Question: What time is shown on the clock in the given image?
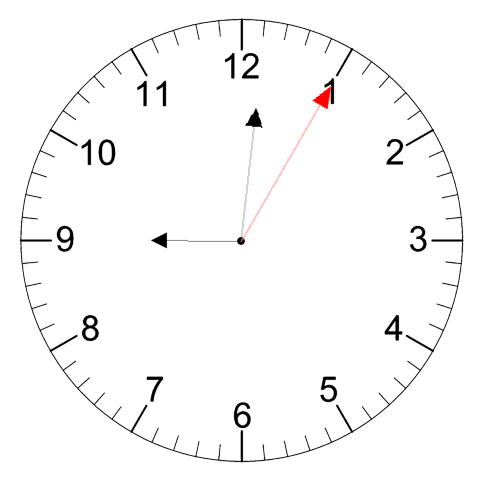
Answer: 09:01:05
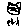
Label: cat
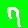
Digit: 7
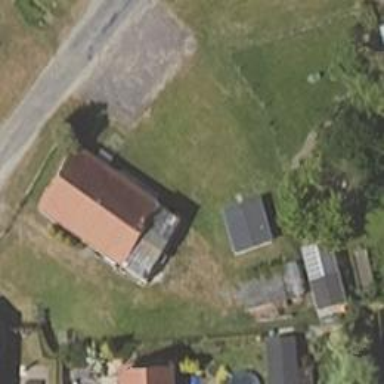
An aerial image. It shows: Simple house.
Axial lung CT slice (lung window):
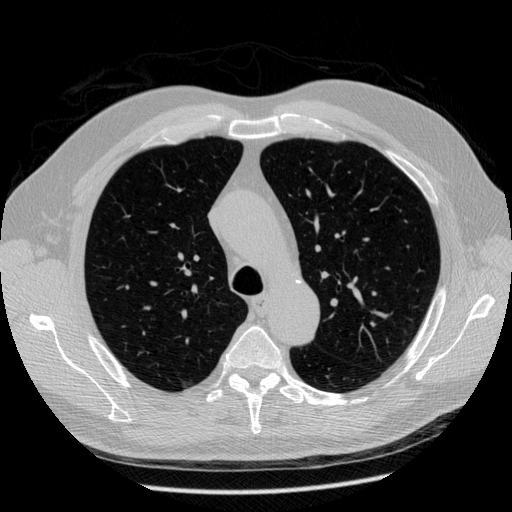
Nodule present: no
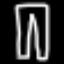
Label: pants
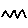
Label: zigzag
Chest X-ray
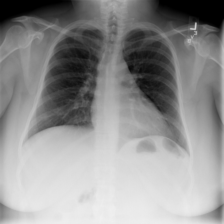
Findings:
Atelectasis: negative
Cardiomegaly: negative
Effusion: negative
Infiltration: positive
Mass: negative
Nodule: negative
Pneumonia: negative
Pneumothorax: negative
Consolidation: negative
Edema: negative
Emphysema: negative
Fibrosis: negative
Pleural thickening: negative
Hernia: negative
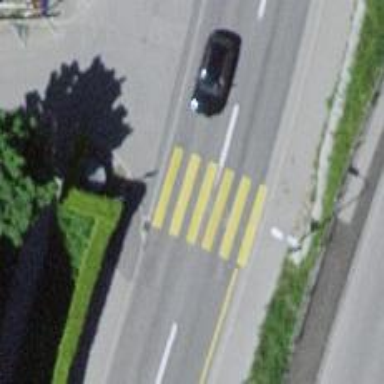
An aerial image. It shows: Uncontrolled zebra crossing on the road.
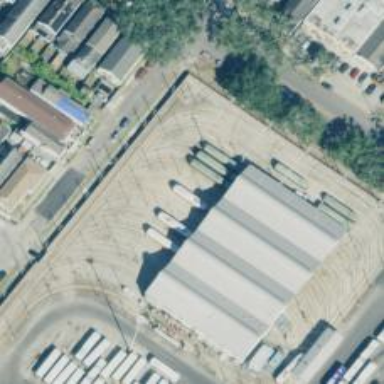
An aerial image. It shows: Tram railway yard.
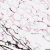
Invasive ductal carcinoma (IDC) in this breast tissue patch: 0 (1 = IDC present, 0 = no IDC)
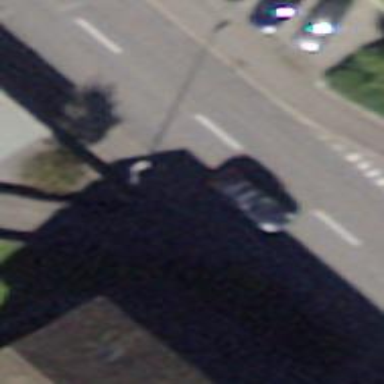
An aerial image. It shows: Bollard.
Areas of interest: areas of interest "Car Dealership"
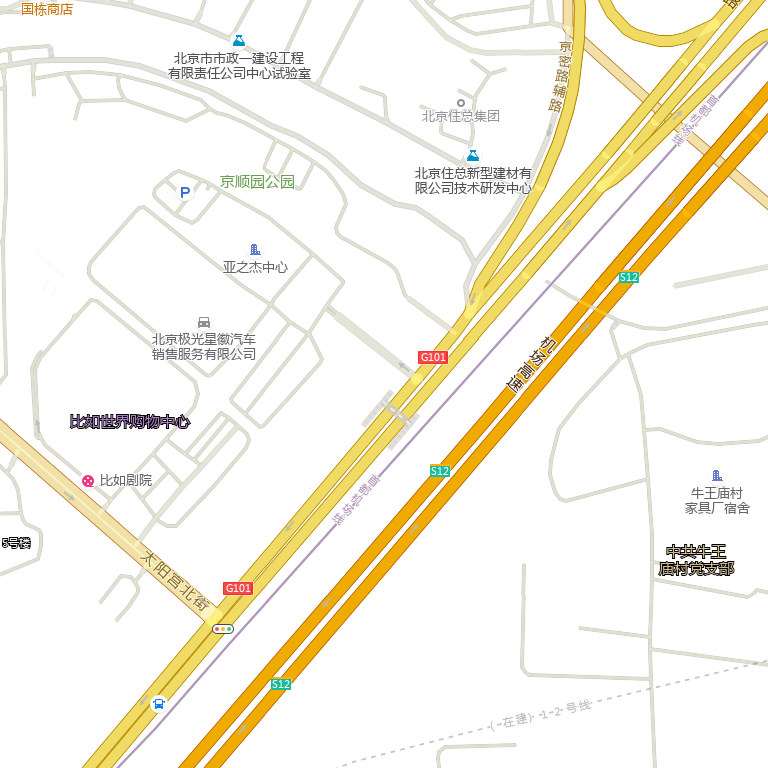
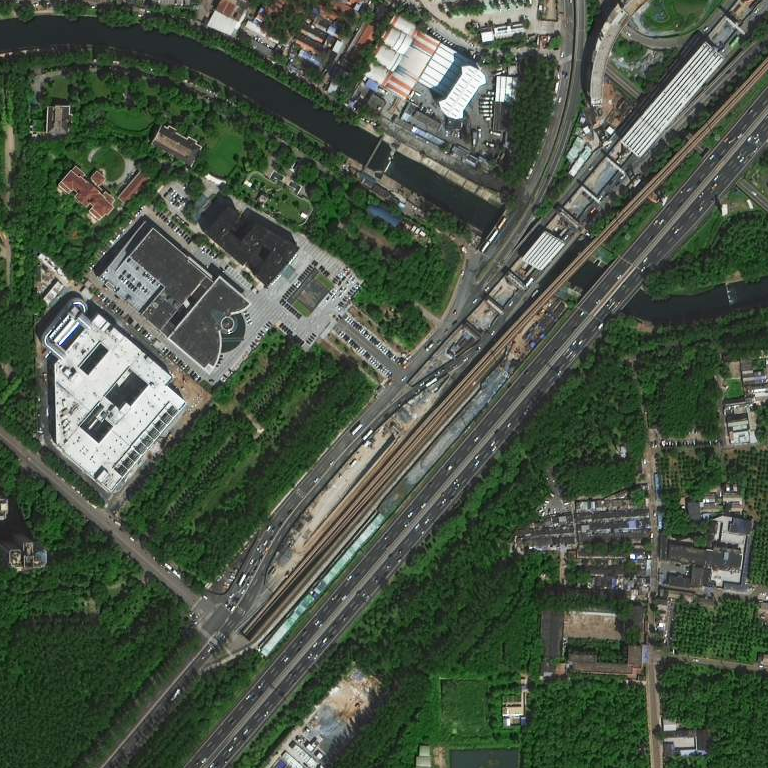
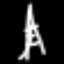
Label: The Eiffel Tower
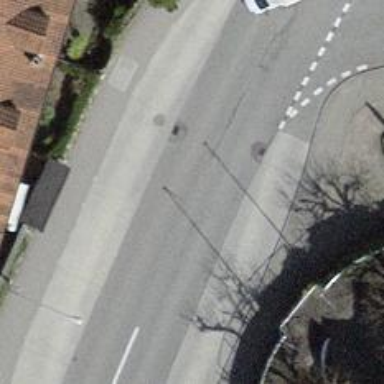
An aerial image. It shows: Bus stop with shelter for public transport.
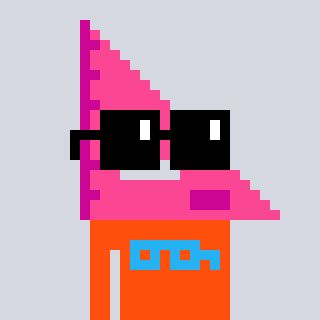
a pixel art character with square black sunglasses, a squadron ruler-shaped head and a orange-colored body on a cool background
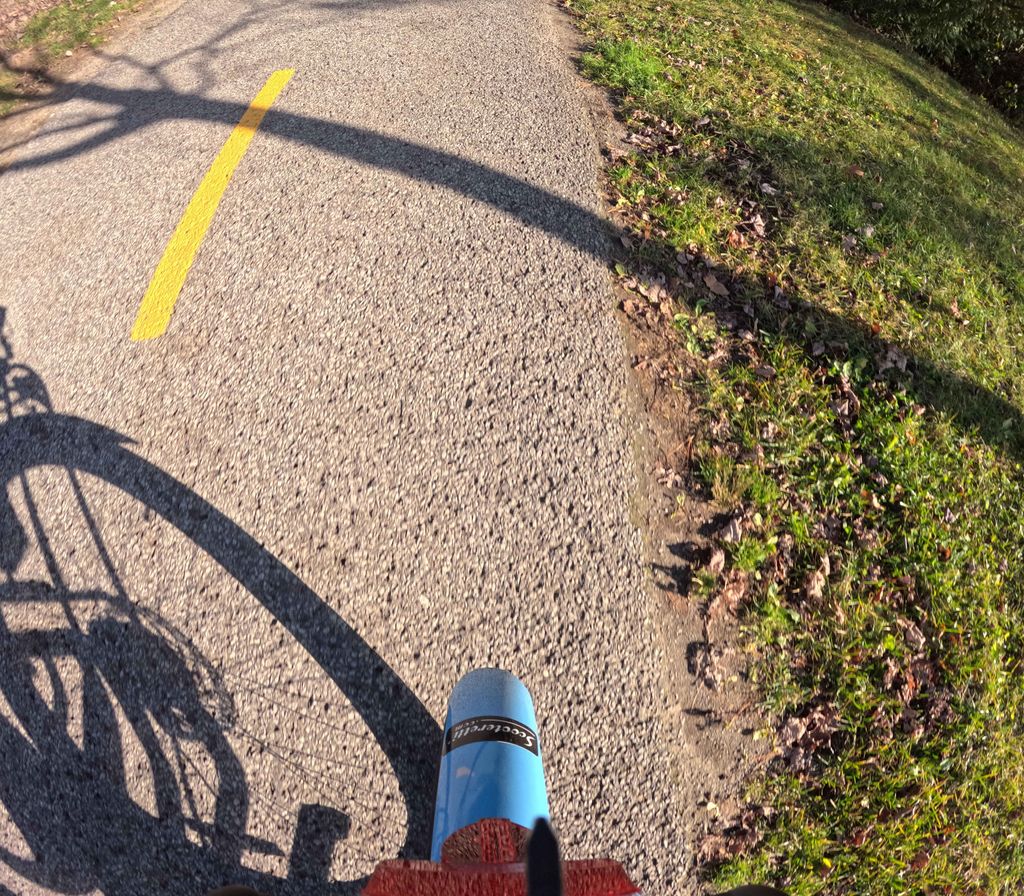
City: ottawa-gatineau
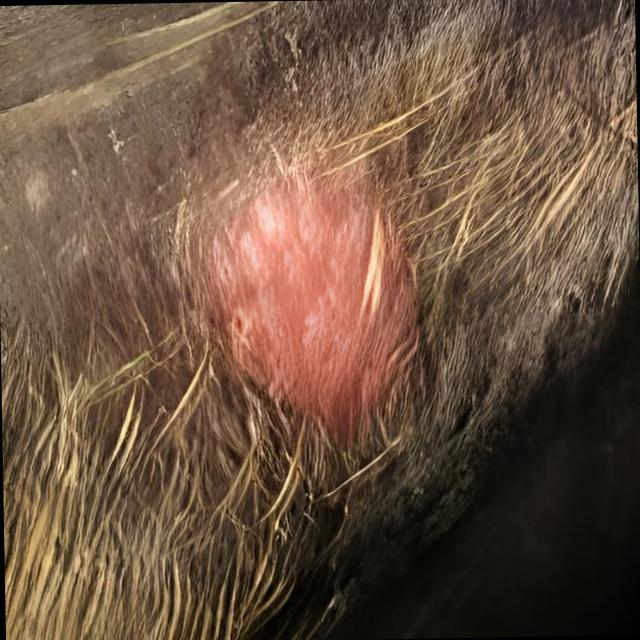
Canine dermatitis — inflammation of the skin presenting with erythema, pruritus, papules, and excoriation. May be allergic, contact, or atopic in origin.
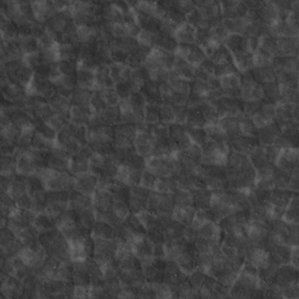
Label: non_frost
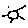
Label: sun
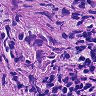
Metastatic tissue present: yes
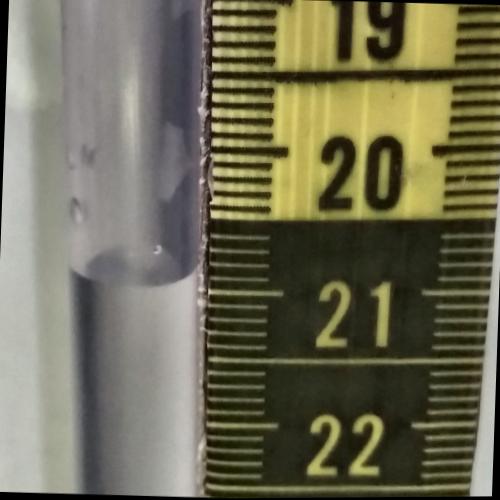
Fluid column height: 20.9 cm
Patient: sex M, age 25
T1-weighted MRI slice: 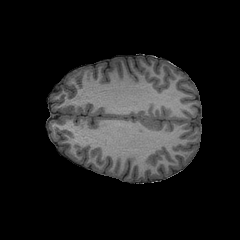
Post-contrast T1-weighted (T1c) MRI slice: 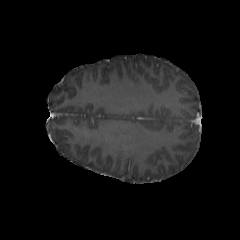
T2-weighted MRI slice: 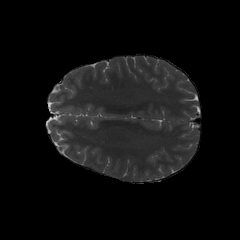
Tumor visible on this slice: no
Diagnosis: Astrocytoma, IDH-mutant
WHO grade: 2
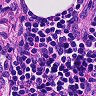
Metastatic tissue present: no
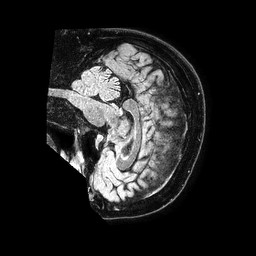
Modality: FLAIR
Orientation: sagittal
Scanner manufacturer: philips
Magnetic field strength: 1.5 T
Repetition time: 4.8 s
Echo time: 0.3 s
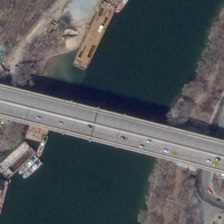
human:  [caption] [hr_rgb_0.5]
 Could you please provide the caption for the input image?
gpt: many cars passed over the bridge .

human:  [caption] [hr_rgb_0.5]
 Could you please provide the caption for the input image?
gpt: there are some boats on the river .

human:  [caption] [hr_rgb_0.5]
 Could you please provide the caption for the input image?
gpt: many cars passed over the bridge .

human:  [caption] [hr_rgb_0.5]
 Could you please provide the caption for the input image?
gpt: there are some boats on the river .

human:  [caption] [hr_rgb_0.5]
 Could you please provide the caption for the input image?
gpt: many cars passed over the bridge .
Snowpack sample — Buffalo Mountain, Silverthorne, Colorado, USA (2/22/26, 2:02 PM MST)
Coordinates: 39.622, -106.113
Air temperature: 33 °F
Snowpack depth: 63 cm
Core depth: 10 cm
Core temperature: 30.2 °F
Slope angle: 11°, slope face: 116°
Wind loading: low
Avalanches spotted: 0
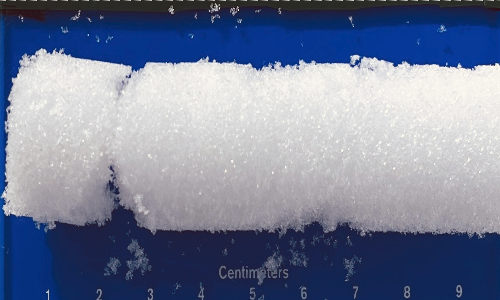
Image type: core
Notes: In a firebreak similar to site 1, minimal wind loading with no spotted avalanches (not many faces in view though)
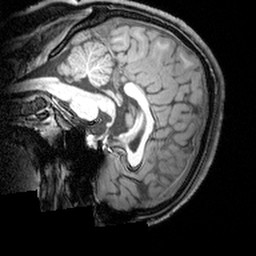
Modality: T1w
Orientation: sagittal
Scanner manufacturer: siemens
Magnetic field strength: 3 T
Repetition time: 1.9 s
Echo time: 0.00397 s
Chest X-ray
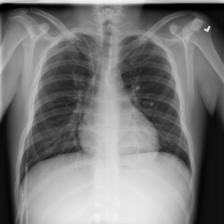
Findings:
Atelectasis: negative
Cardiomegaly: negative
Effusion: negative
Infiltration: negative
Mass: negative
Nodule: negative
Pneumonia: negative
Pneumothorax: negative
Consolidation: negative
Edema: negative
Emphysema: negative
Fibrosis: negative
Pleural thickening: negative
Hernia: negative
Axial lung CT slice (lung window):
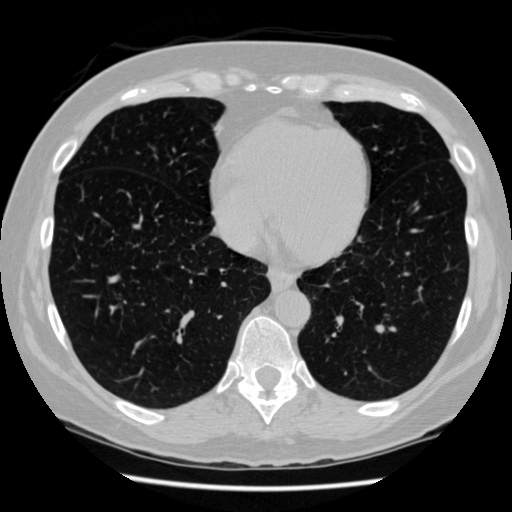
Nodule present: no
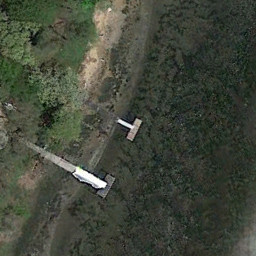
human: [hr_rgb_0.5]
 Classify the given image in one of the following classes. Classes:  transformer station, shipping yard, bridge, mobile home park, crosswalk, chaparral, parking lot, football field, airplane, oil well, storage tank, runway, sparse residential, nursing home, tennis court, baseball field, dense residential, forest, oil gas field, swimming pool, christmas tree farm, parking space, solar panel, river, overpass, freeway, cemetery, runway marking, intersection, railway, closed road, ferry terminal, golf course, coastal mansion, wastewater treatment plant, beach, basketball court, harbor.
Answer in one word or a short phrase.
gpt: ferry terminal

══════════════════════════════

REQUIRED WORK
Reproduce each entry above word for word. Pictures are not part of the copy.

SOLUTION TO THE PROBLEM
Question: What time is shown on the clock in the given image?
Answer: 09:01:05
Label: cat
Digit: 7
An aerial image. It shows: Simple house.
Axial lung CT slice (lung window):
Nodule present: no
Label: pants
Label: zigzag
Chest X-ray
Findings:
Atelectasis: negative
Cardiomegaly: negative
Effusion: negative
Infiltration: positive
Mass: negative
Nodule: negative
Pneumonia: negative
Pneumothorax: negative
Consolidation: negative
Edema: negative
Emphysema: negative
Fibrosis: negative
Pleural thickening: negative
Hernia: negative
An aerial image. It shows: Uncontrolled zebra crossing on the road.
An aerial image. It shows: Tram railway yard.
Invasive ductal carcinoma (IDC) in this breast tissue patch: 0 (1 = IDC present, 0 = no IDC)
An aerial image. It shows: Bollard.
Areas of interest: areas of interest "Car Dealership"
Label: The Eiffel Tower
An aerial image. It shows: Bus stop with shelter for public transport.
a pixel art character with square black sunglasses, a squadron ruler-shaped head and a orange-colored body on a cool background
City: ottawa-gatineau
Canine dermatitis — inflammation of the skin presenting with erythema, pruritus, papules, and excoriation. May be allergic, contact, or atopic in origin.
Label: non_frost
Label: sun
Metastatic tissue present: yes
Fluid column height: 20.9 cm
Patient: sex M, age 25
T1-weighted MRI slice: 
Post-contrast T1-weighted (T1c) MRI slice: 
T2-weighted MRI slice: 
Tumor visible on this slice: no
Diagnosis: Astrocytoma, IDH-mutant
WHO grade: 2
Metastatic tissue present: no
Modality: FLAIR
Orientation: sagittal
Scanner manufacturer: philips
Magnetic field strength: 1.5 T
Repetition time: 4.8 s
Echo time: 0.3 s
human:  [caption] [hr_rgb_0.5]
 Could you please provide the caption for the input image?
gpt: many cars passed over the bridge .

human:  [caption] [hr_rgb_0.5]
 Could you please provide the caption for the input image?
gpt: there are some boats on the river .

human:  [caption] [hr_rgb_0.5]
 Could you please provide the caption for the input image?
gpt: many cars passed over the bridge .

human:  [caption] [hr_rgb_0.5]
 Could you please provide the caption for the input image?
gpt: there are some boats on the river .

human:  [caption] [hr_rgb_0.5]
 Could you please provide the caption for the input image?
gpt: many cars passed over the bridge .
Snowpack sample — Buffalo Mountain, Silverthorne, Colorado, USA (2/22/26, 2:02 PM MST)
Coordinates: 39.622, -106.113
Air temperature: 33 °F
Snowpack depth: 63 cm
Core depth: 10 cm
Core temperature: 30.2 °F
Slope angle: 11°, slope face: 116°
Wind loading: low
Avalanches spotted: 0
Image type: core
Notes: In a firebreak similar to site 1, minimal wind loading with no spotted avalanches (not many faces in view though)
Modality: T1w
Orientation: sagittal
Scanner manufacturer: siemens
Magnetic field strength: 3 T
Repetition time: 1.9 s
Echo time: 0.00397 s
Chest X-ray
Findings:
Atelectasis: negative
Cardiomegaly: negative
Effusion: negative
Infiltration: negative
Mass: negative
Nodule: negative
Pneumonia: negative
Pneumothorax: negative
Consolidation: negative
Edema: negative
Emphysema: negative
Fibrosis: negative
Pleural thickening: negative
Hernia: negative
Axial lung CT slice (lung window):
Nodule present: no
human: [hr_rgb_0.5]
 Classify the given image in one of the following classes. Classes:  transformer station, shipping yard, bridge, mobile home park, crosswalk, chaparral, parking lot, football field, airplane, oil well, storage tank, runway, sparse residential, nursing home, tennis court, baseball field, dense residential, forest, oil gas field, swimming pool, christmas tree farm, parking space, solar panel, river, overpass, freeway, cemetery, runway marking, intersection, railway, closed road, ferry terminal, golf course, coastal mansion, wastewater treatment plant, beach, basketball court, harbor.
Answer in one word or a short phrase.
gpt: ferry terminal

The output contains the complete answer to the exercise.